The Last Lie returns Dr. Alan Gregory, the Boulder psychologist to the forefront. White's last book, The Siege, was a bit of a departure and featured detective Sam Purdy, Gregory's frequent sidekick in an excellent storyline, full of adventure.  Unfortunately, the newest Alan Gregory installment isn't nearly as good.

When a new neighbor complains about Gregory's dog and whether Emily should be off her leash, Gregory finds the man supercilious and develops an instinctive distrust of the man who is well-known for his work in the area of women's rights.

After a housewarming party at the home of the new neighbor, a young widow, one of the guests, claims she was raped.  There are blank spots, however, in her memory of the event.  Although she believes her rapist was her host, the memory gaps create problems.

Dr. Gregory is supervising a young psychologist who has been treating the young woman and has  insights into the case that he cannot share.  At the same time, his wife Lauren (an assistant DA) and his friend detective Sam Purdy also have information that they can't share for legal reasons.   
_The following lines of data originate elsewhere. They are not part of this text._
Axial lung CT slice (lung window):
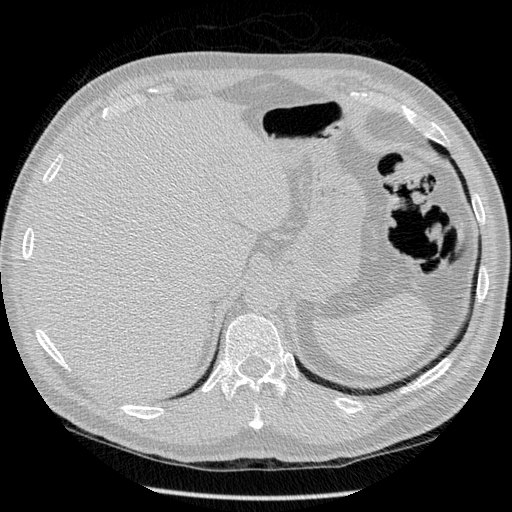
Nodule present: no
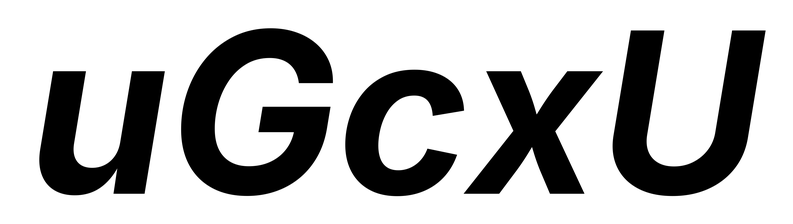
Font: Inter-Italic_Bold_Italic
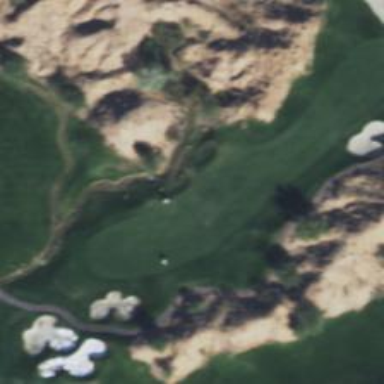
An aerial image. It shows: View of golf hole.
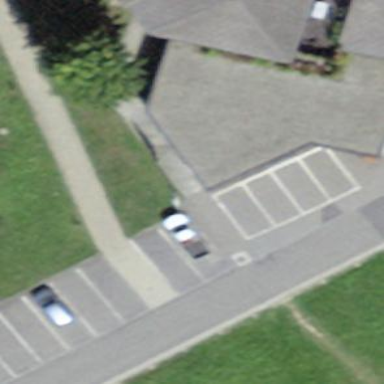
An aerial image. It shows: Parking area with surface.
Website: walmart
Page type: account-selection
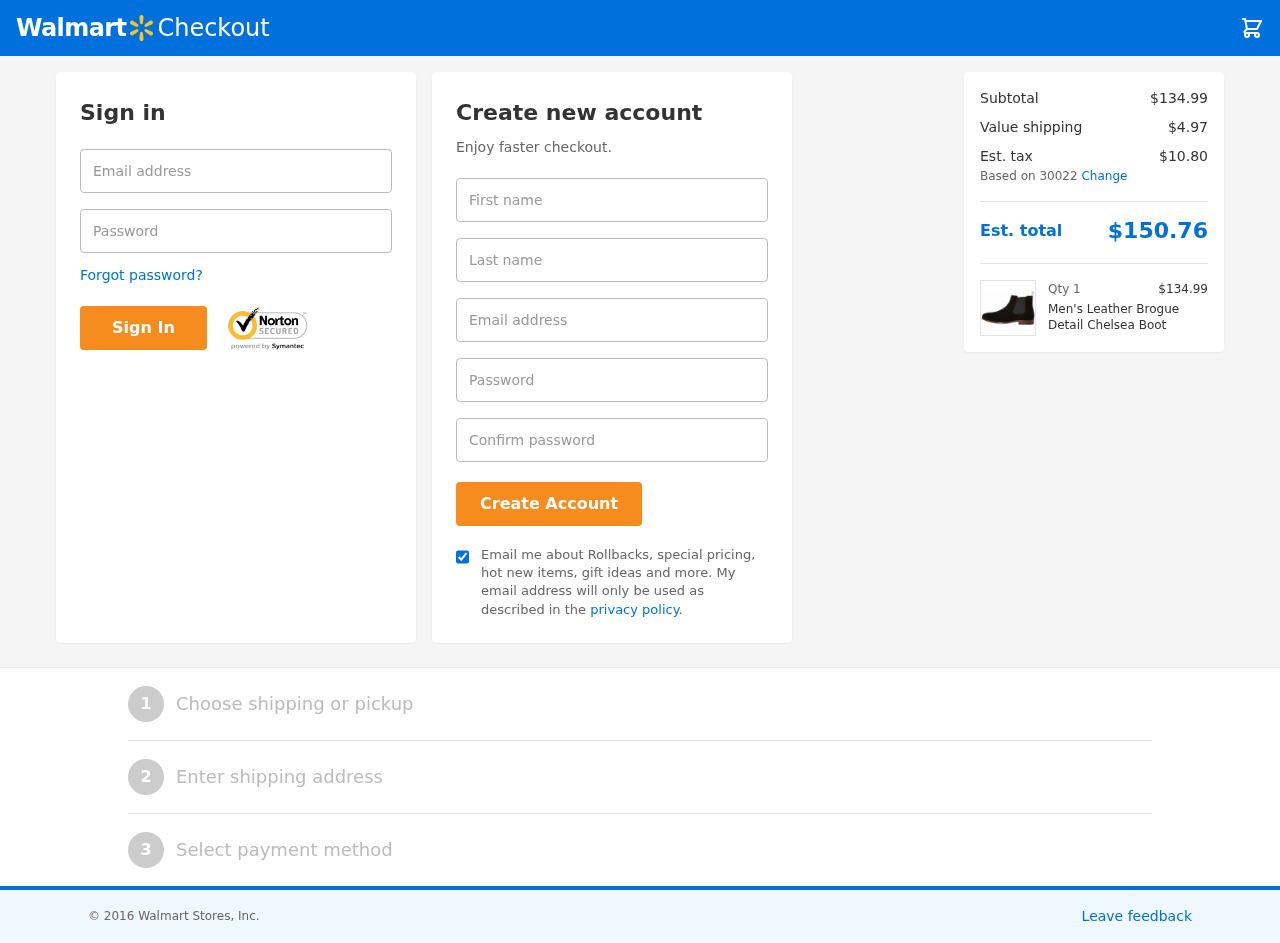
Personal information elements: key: PII_EMAIL
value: clee@yahoo.com
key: PII_FIRSTNAME
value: Charles
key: PII_LASTNAME
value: Lee
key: PII_LOGIN_USERNAME
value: charles_lee
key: PII_POSTCODE
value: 30022
Product elements: key: PRODUCT1_NAME
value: Men's Leather Brogue Detail Chelsea Boot
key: PRODUCT1_PRICE
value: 134.99
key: PRODUCT1_QUANTITY
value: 1
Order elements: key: ORDER_SUBTOTAL
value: $134.99
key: ORDER_SHIPPING_COST
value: $4.97
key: ORDER_TAX
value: $10.80
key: ORDER_TOTAL
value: $150.76

On several levels, this book didn't work as well as previous books in this series.   I had difficulties with some of the lengthy comparisons to the Kobe Bryant case.  Not with the allusion as such, but with the drawn out, hypothetical presentation.. The reader can understand the possibilities in a paragraph or two and doesn't need a couple of pages. 

Gregory's behavior seemed unusual at times, unlike his previous incarnations somehow.  Maybe this is partly because I've missed a novel in the series that sets up a change in Gregory's outlook and behavior.   The portion involving Jonas didn't ring true for me, either, and this bit bothered me.

It is difficult to discuss the problems I had with the book without spoilers, but I never felt truly involved with the plot or the characters. 

Fiction.  Mystery.  2010.  416 pages.